Thursday, 10 July 2014

Walking in the footsteps of John Nash ... Part II

This is the second part of the 7 mile walk around London that showcases the results of a unique collaboration between the Prince Regent, later King George IV, and his favourite architect, John Nash. You can read about the first 3 miles of the walk around Regent's Park here: Walking in the footsteps of John Nash ... Part I.

This is the map of the next section of the walk:

Nash's brief for this second instalment had been to create a grand royal route that would lead from Regent's Park, with its unique terraces of beautifully pristine villas to the Prince Regent's home, Carlton House, which backed onto St. James's. It was a difficult job insofar as the Prince Regent had a mad enthusiasm for building stuff, which he didn't always have the means to pay for, causing him to amend his plans, change the brief and leave his hapless architect to explain to his ministers why everything was running wildly over budget.

In any event we pick up the trail in Park Square East, from where we cross the Marylebone Road into Park Crescent, which funnelled the royal route into the wide expanse of Portland Place from which it would proceed into Regent Street travelling through Oxford Circus and Piccadilly Circus to arrive at Carlton House.

Work started on the buildings here in 1806, but, after the builder went bankrupt, they didn't get things finished until 1821.

Park Crescent, London
Park Crescent, London

On the garden side of the Crescent, just opposite to the entry into Portland Place you will find a rather splendid water trough that was installed by the Metropolitan Water Fountain and Cattle Trough Association, who were responsible for installing many such amenities throughout the city. The Association grew in tandem with the Temperance Movement and had a penchant for placing their water fountains directly outside public houses to discourage people from entering the publican's premises for a drink or to water their animals.

Park Crescent, London
This one tickled my funny bone with its injunction not to use the water for anything other than drinking purposes ... for man and beast and the threat that any other illicit use of the water, which remained the property of the Association, would be prosecuted. What had the good folk of the area been getting up to?

Anyway drag yourself past the (now empty) water trough and hang a left into Portland Place.

Portland Place, London

Portland Place had been laid out originally at the end of the eighteenth century by Robert and John Adams for the Duke of Portland.
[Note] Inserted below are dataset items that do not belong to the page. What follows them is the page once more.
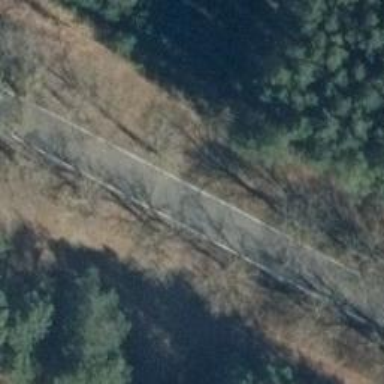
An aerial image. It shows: Secondary road with asphalt surface.
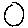
Label: circle
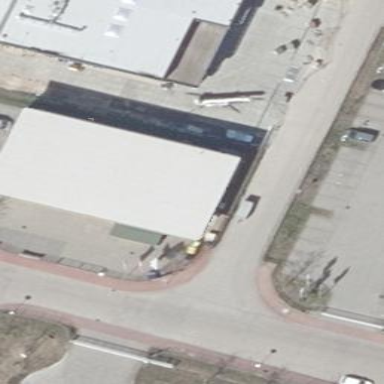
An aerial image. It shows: Trade shop located inside warehouse.

It is one of the widest streets in central London (33 metres/ 110 feet) because of a requirement laid down by Lord Foley, one of the Duke's pre-existing tenants, who had demanded that the new street plan should not interfere with his views.

As you walk down Portland Place you will pass the Chinese Embassy, and then the Polish Embassy on your right on either side of the Weymouth Street junction. There's always a silent protest by Falun Gong in front of the Chinese Embassy, but on the opposite side of Portland Place. Outside the Polish Embassy is a statue of General Sikorski, the wartime leader of the free Polish forces. 

General Sikorski, Portland Place, London

Straight ahead you'll see the imposing bulk of the Langham Hotel, built in the 1860s. In its day it was the largest hotel in town boasting no less than 100 water closets, 36 bathrooms and the first set of hydraulic lifts in England. It's been favoured by the great and the good ever since, and still maintains a five star rating.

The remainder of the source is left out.